Mais la mission la plus importante est de faire le lien entre l'Unique et l'univers en transmettant des messages et des informations dans les deux sens: ainsi d'après la Tradition, l'archange Michaël, qui est chargé de veiller sur Israël, parcourt le monde en un seul bond. L'archange Gabriel, préposé aux songes, parcourt le monde en deux bonds. Elie, ange apparaissant comme prophète sur terre, fait quatre bonds pour annoncer la bonne nouvelle à l'homme et l'aider dans son parcours terrestre.

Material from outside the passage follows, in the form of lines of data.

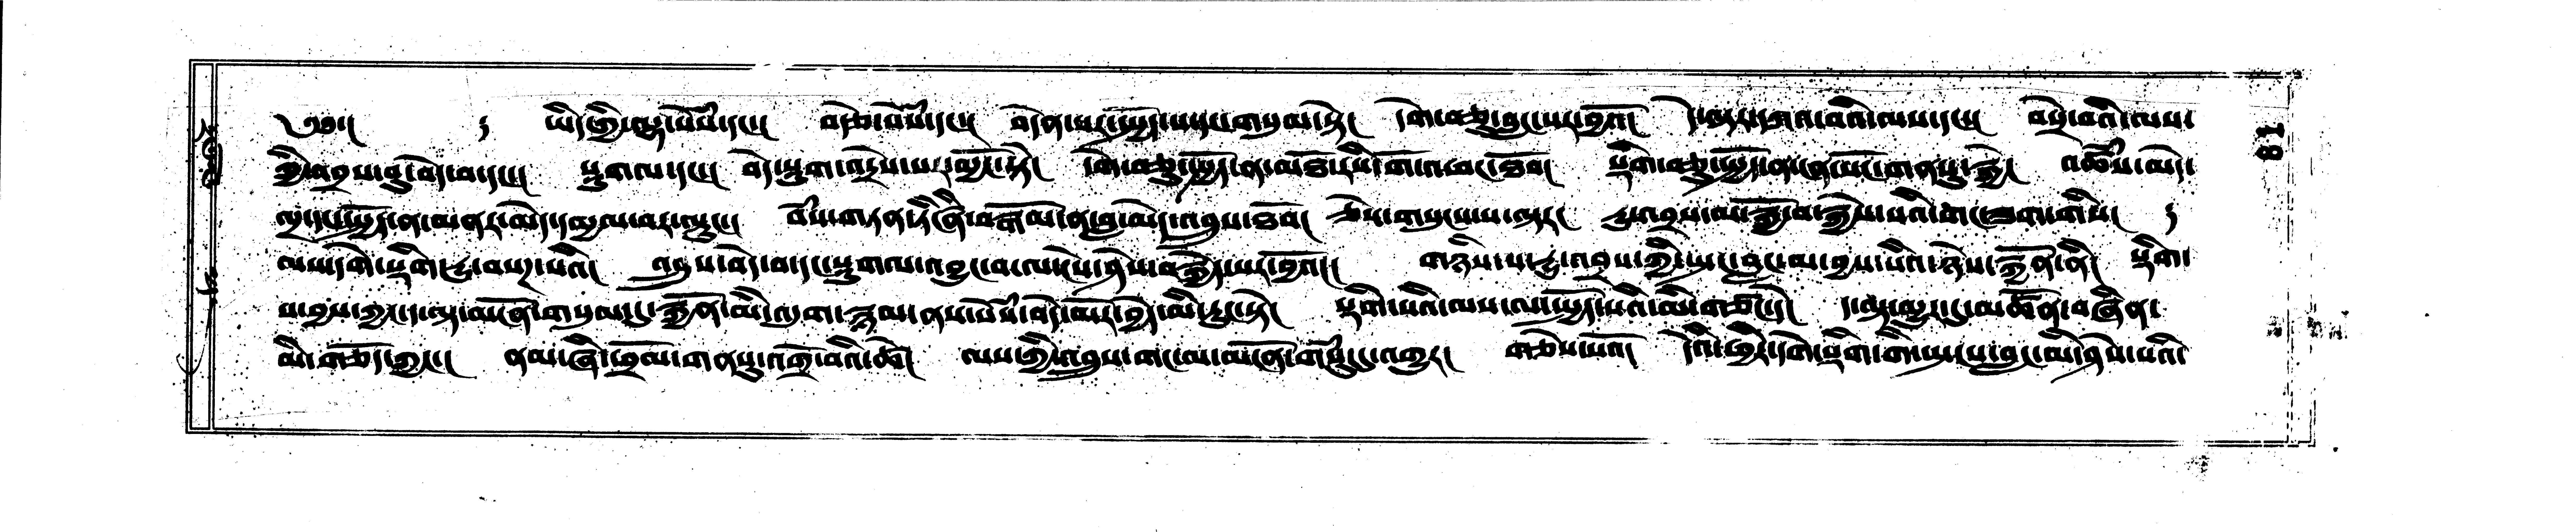ཡིད་ཀྱི་ལྷ་སེམས་དང་། བརྩེ་སེམས་དང་། བདེན་པར་སྤྱོད་པ་དང་གསུམ་སྟེ། དགེ་བཅུ་བླང་བར་བྱའོ། །དེ་ལྟར་དཀའ་བའི་ལས་དང་། བསྲེ་བའི་ལས་
ཀྱི་འབྲས་བུ་བདེ་བ་དང་། སྡུག་བསྔལ་དང་། བདེ་སྡུག་འདྲེས་པར་མྱོང་སྟེ། དགེ་བཅུ་སྤྱོད་ན་མཐོ་རིས་གོ་འཕང་ཐོབ། སྡིག་བཅུ་སྤྱོད་ན་ངན་སོང་གནས་སུ་སྐྱེ། མཚམས་མེད་
ལྔ་དང་སྤྱོད་ན་མནར་མེད་དམྱལ་བར་ལྟུང་། བསམ་གཏན་ཏིང་འཛིན་བསྒོམ་ན་བླ་མེད་འབྲས་བུ་ཐོབ། །ཅེས་གསུངས་པ་ལྟར། རྒྱུ་འབྲས་ལ་སྐྱོ་བ་སྐྱེས་པའི་གང་ཟག་གིས། 
ལས་དགེ་སྡིག་རྒྱུ་བསགས་པའི། འབྲས་བུ་བདེ་བ་དང་སྡུག་བསྔལ་འབྱུང་བ་ལ་ངེས་ཤེས་བསྐྱེད་པར་བྱའོ། །གཉིས་པ་རྒྱུ་འབྲས་ཀྱི་སྤང་བླང་མ་བྱས་པའི་ཉེས་སྐྱོན་ནི། སྡིག་
པ་བྱས་ཀྱང་ད་ལྟ་མངོན་སུམ་དུ་སྐྱོན་མི་འདུག་སྙམ་ནས་སེམས་བདེ་མོར་བྱེད་མི་རུང་སྟེ། སྡིག་པའི་ལས་ལ་སྤྱོད་པའི་མི་གཙང་དེ། །ད་ལྟ་མྱུར་དུ་མཚོན་བཞིན་
མི་གཅོད་ཀྱང་། །ནམ་ཞིག་ཕ་རོལ་གནས་སུ་འགྲོ་བའི་ཚེ། །ལས་ཀྱི་འབྲས་བུ་གང་ལ་མངོན་སུམ་འགྱུར། །ཞེས་པའོ། །དེའི་ཕྱིར་དགེ་སྡིག་གི་སྤང་བླང་མི་ཤེས་པའི་

Quant à l'ange de la Mort, il fait huit bonds.

LES ANGES ET LES LETTRES

Les lettres sont des signes qui s'organisent en mots, phrases, paragraphes, chapitres, livres.... Les voyelles donnent "une âme" à ces signes: grâce à elle on peut prononcer des mots qui ont un sens. Ainsi on passe de l'écrit "sepher" (livre) au vocalisé ou raconté ou récité "sipour" (histoire ou mythe). A un niveau plus élevé, des signes particuliers font chanter des phrases pour leur donner un sens plus nuancé ou les faire vibrer en une âme supérieure. En allant plus loin et à un niveau différent, en donnant une valeur numérique aux signes, on peut les combiner et les permuter en un nombre presque infini de mots. Ces combinaisons et ces permutations génèrent des mots et des sens nouveaux, des liaisons imprévues, des rapprochements de pensées intimes qui sondent les profondeurs de l'être, font rêver ou bondir d'une conception à une autre ou permettent de s'évader vers des horizons que certains qualifient d'angéliques.

La Torah écrite révélée appelée "sepher" a engendré la Torah orale ou "sipour" puis, grâce au nombre "mispar" et à la combinaison de lettres appelée "tsérouf", elle atteint le niveau du décodage par l'homme: l'élargissement de l'écrit vers le prononcé, le chanté puis le compté et le combiné est un processus de rapprochement de l'humain et du divin; peut-être aussi pour une meilleure connaissance mutuelle, à travers des lettres devenues anges ou des anges devenus lettres. Les lettres se détachent, se retournent, se rassemblent puis s'éloignent dans une danse ressemblant à une farandole. Leurs associations fugaces ont des tons et des rythmes multiples puis tout d'un coup une harmonie de sons et de sens se déploie et scintille: on se trouve devant un chant de signes.